■ TASK OBJECTIVE: The entries below must be retyped exactly. Pictures are to be omitted.
Top of RECORD EXTRACTS
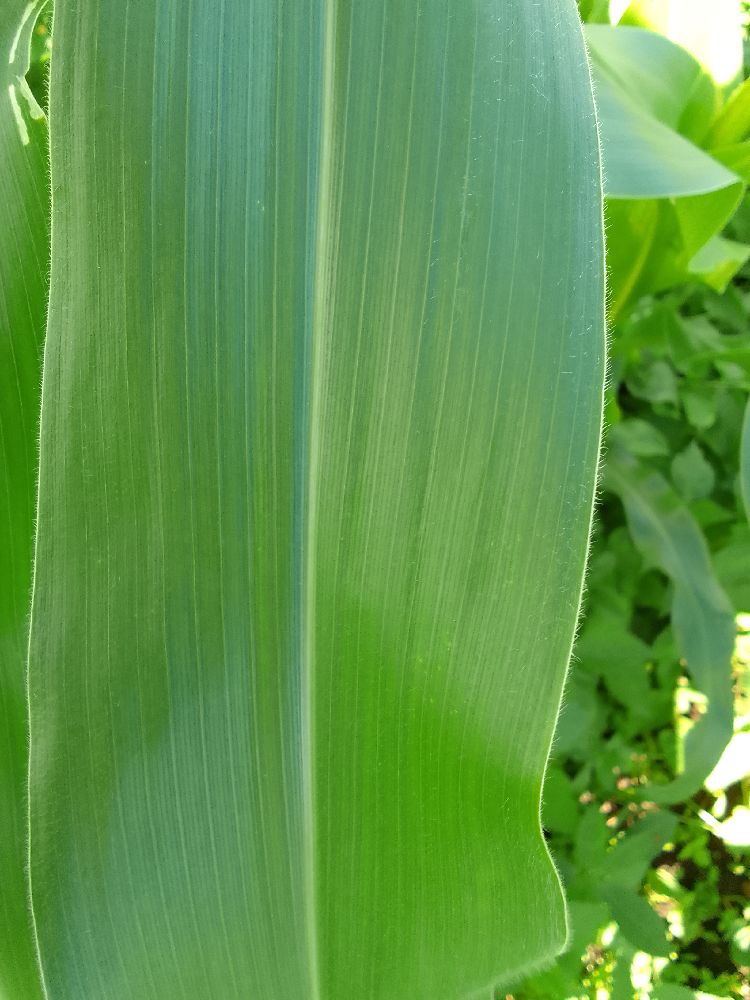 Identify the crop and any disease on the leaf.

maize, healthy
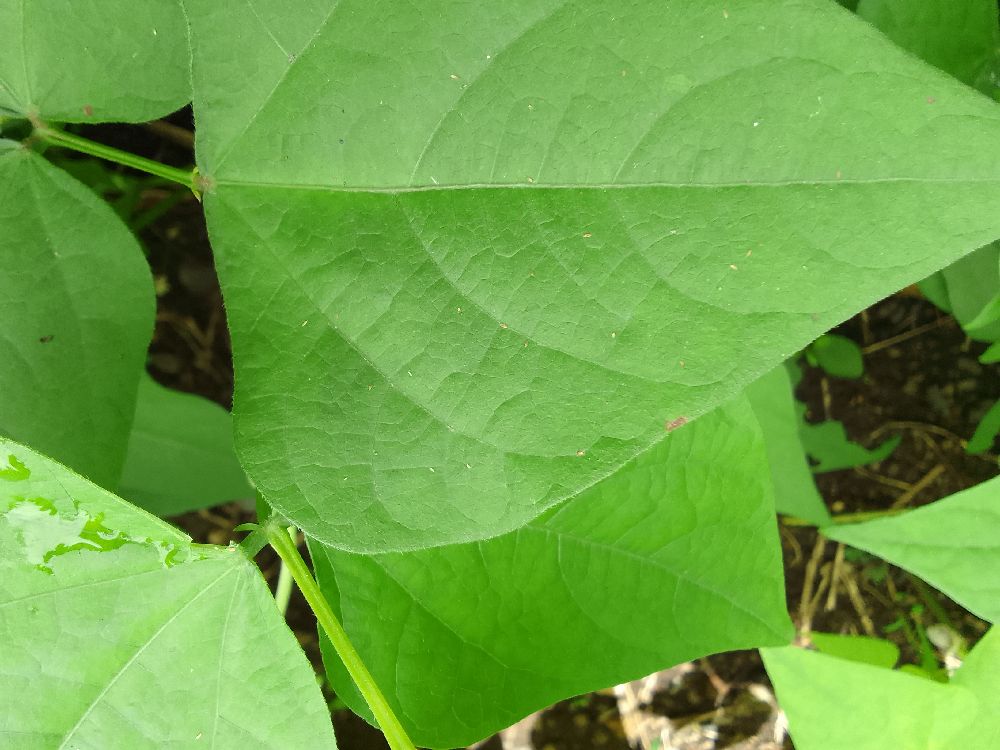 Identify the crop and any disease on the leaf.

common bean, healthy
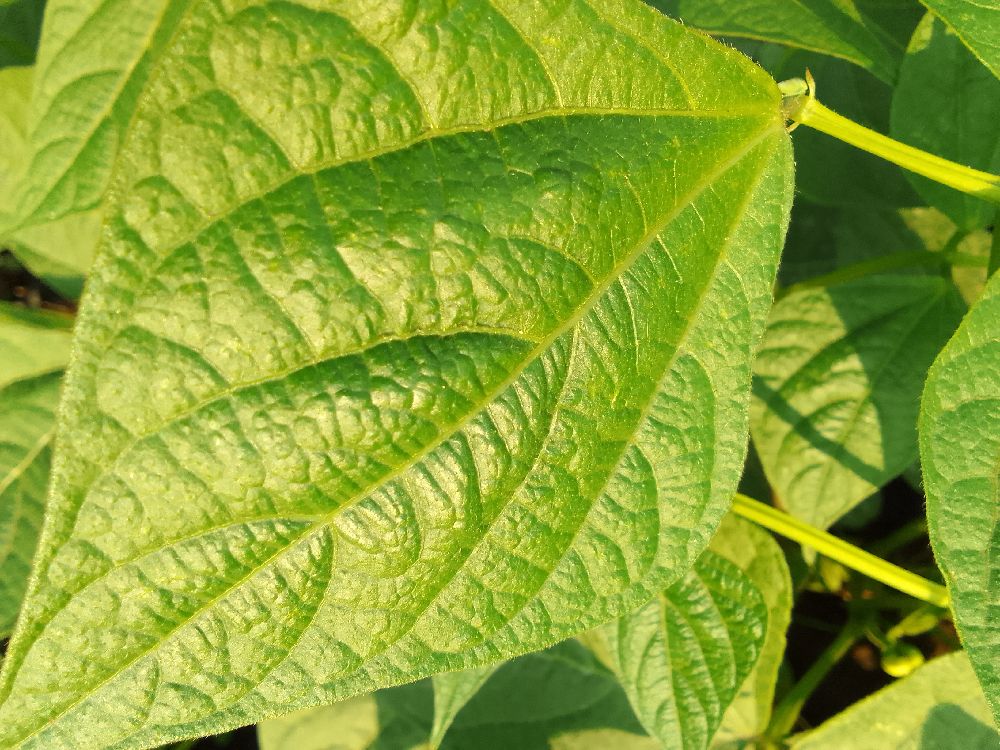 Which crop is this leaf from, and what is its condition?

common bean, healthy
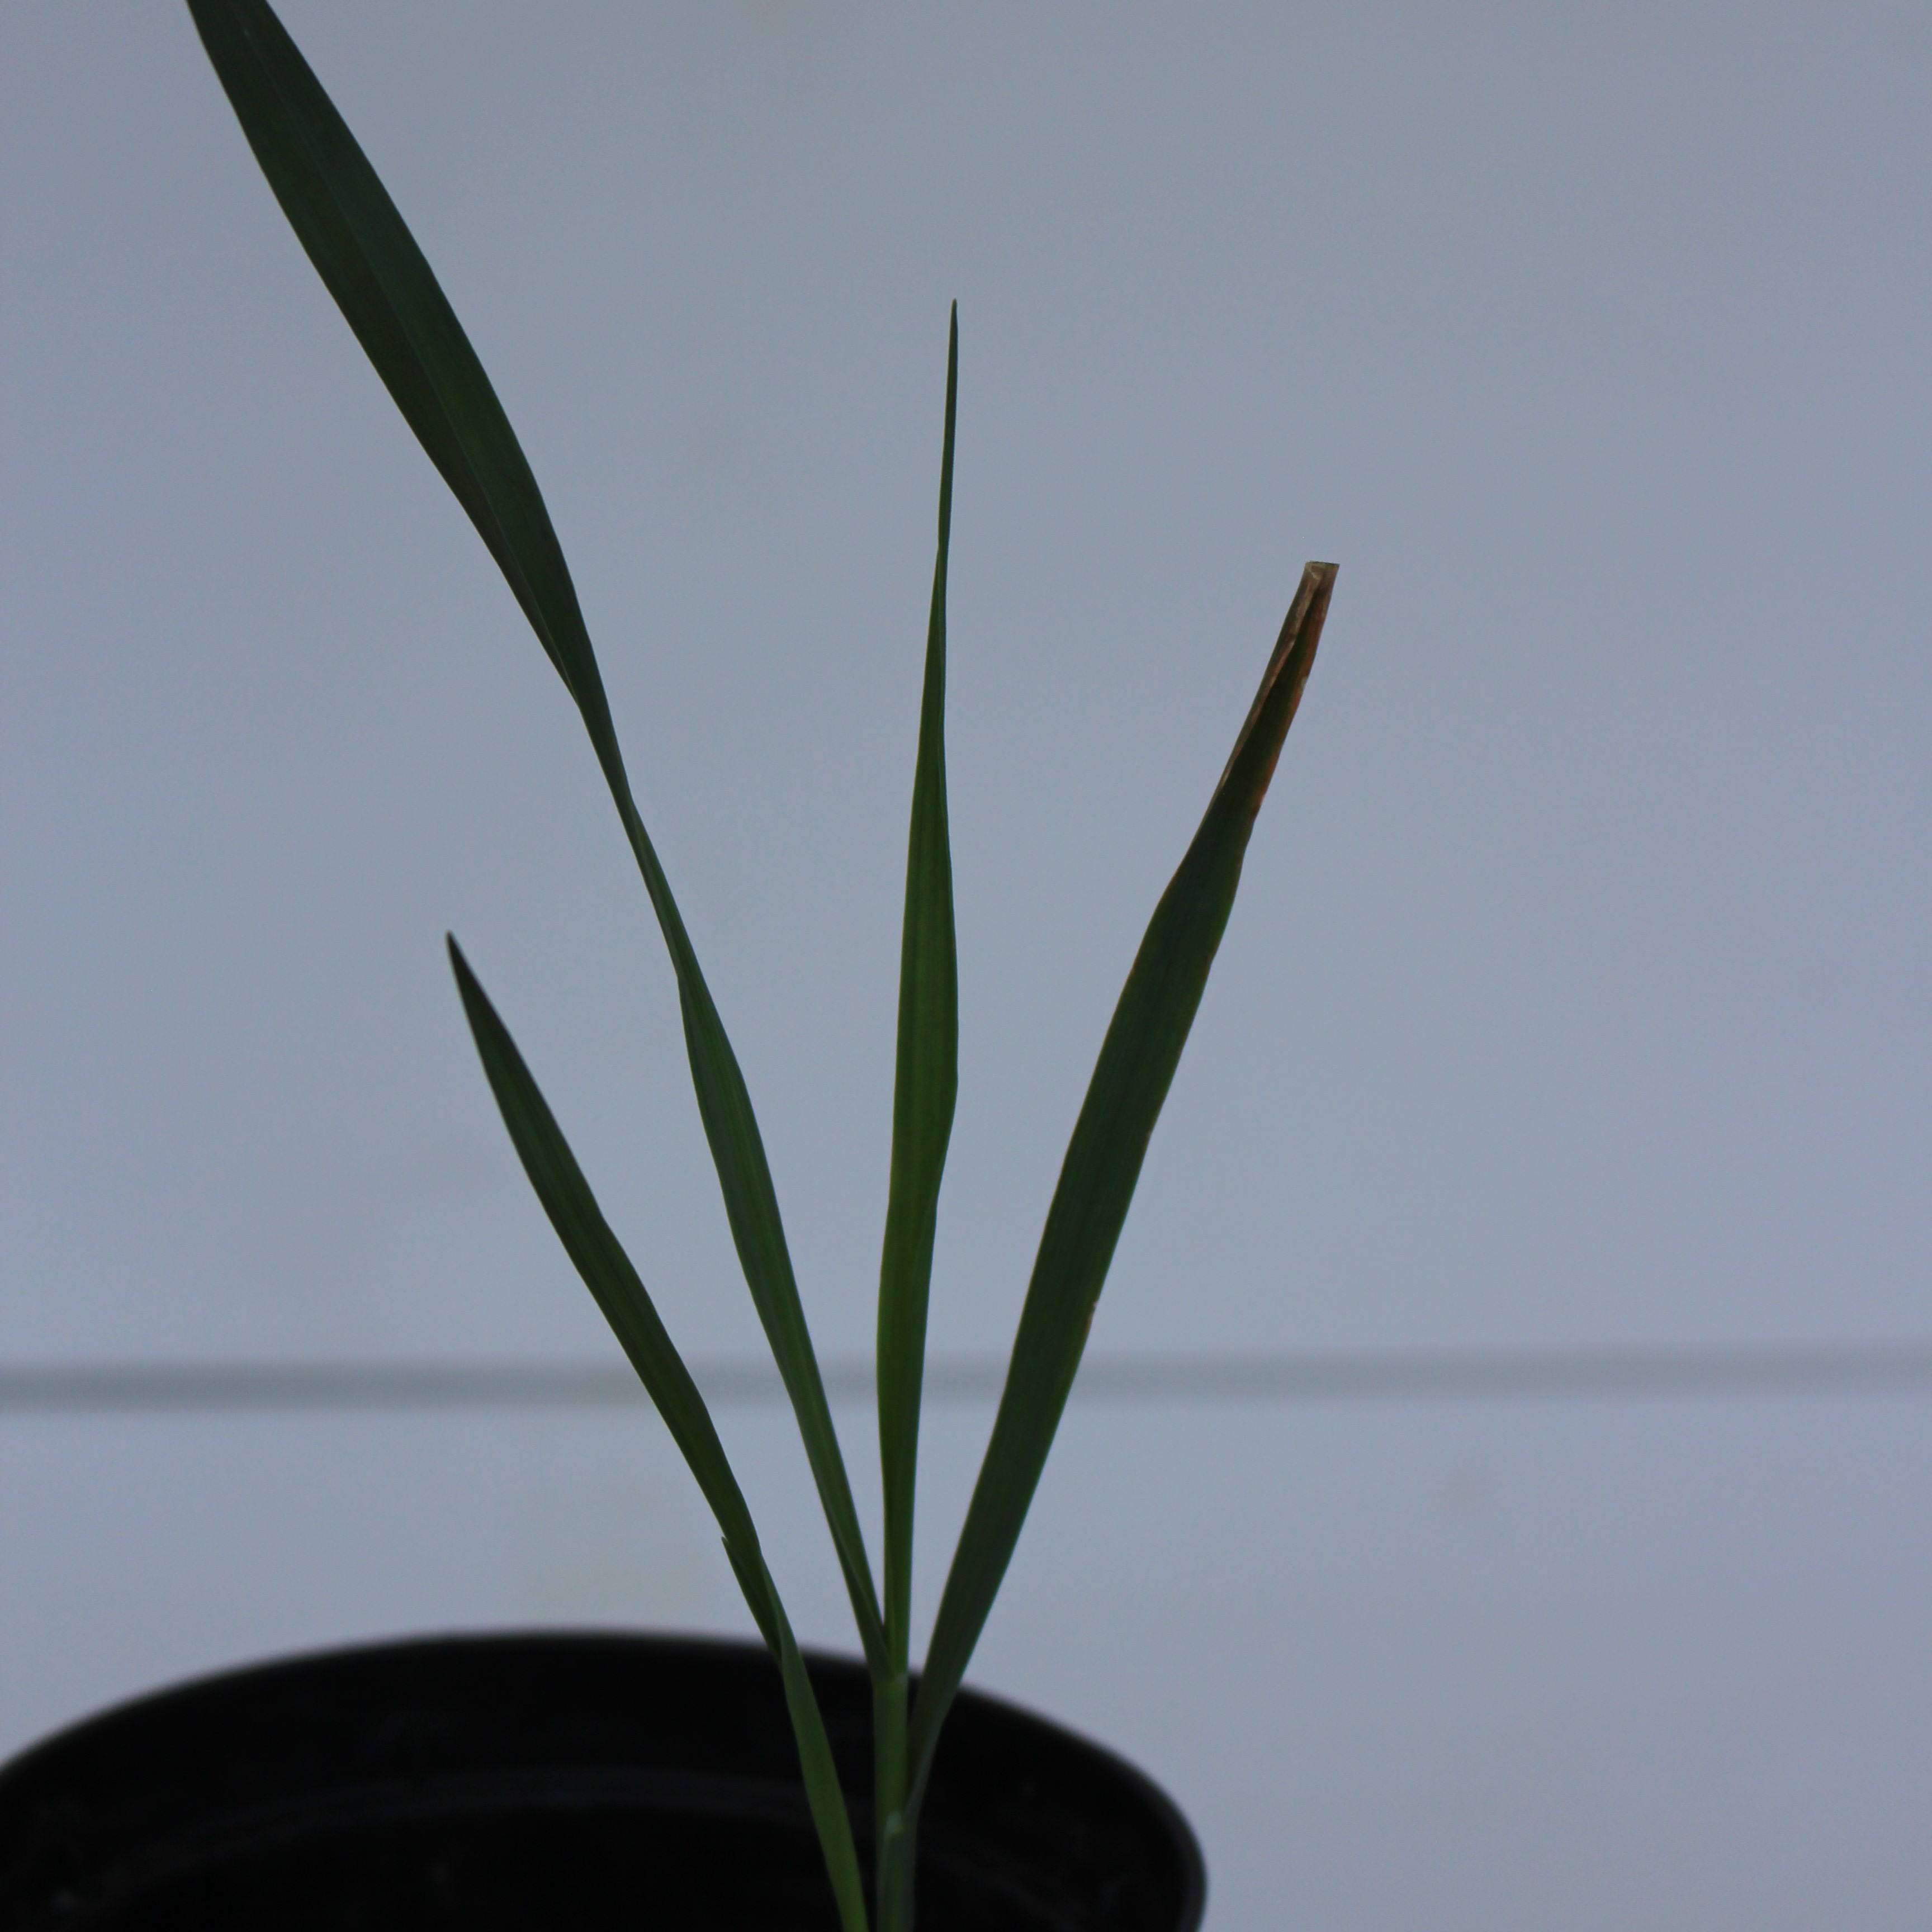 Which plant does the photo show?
Bottom of RECORD EXTRACTS
■ SOLUTION TO THIS TASK:
 Identify the crop and any disease on the leaf.

maize, healthy
 Identify the crop and any disease on the leaf.

common bean, healthy
 Which crop is this leaf from, and what is its condition?

common bean, healthy
 Which plant does the photo show?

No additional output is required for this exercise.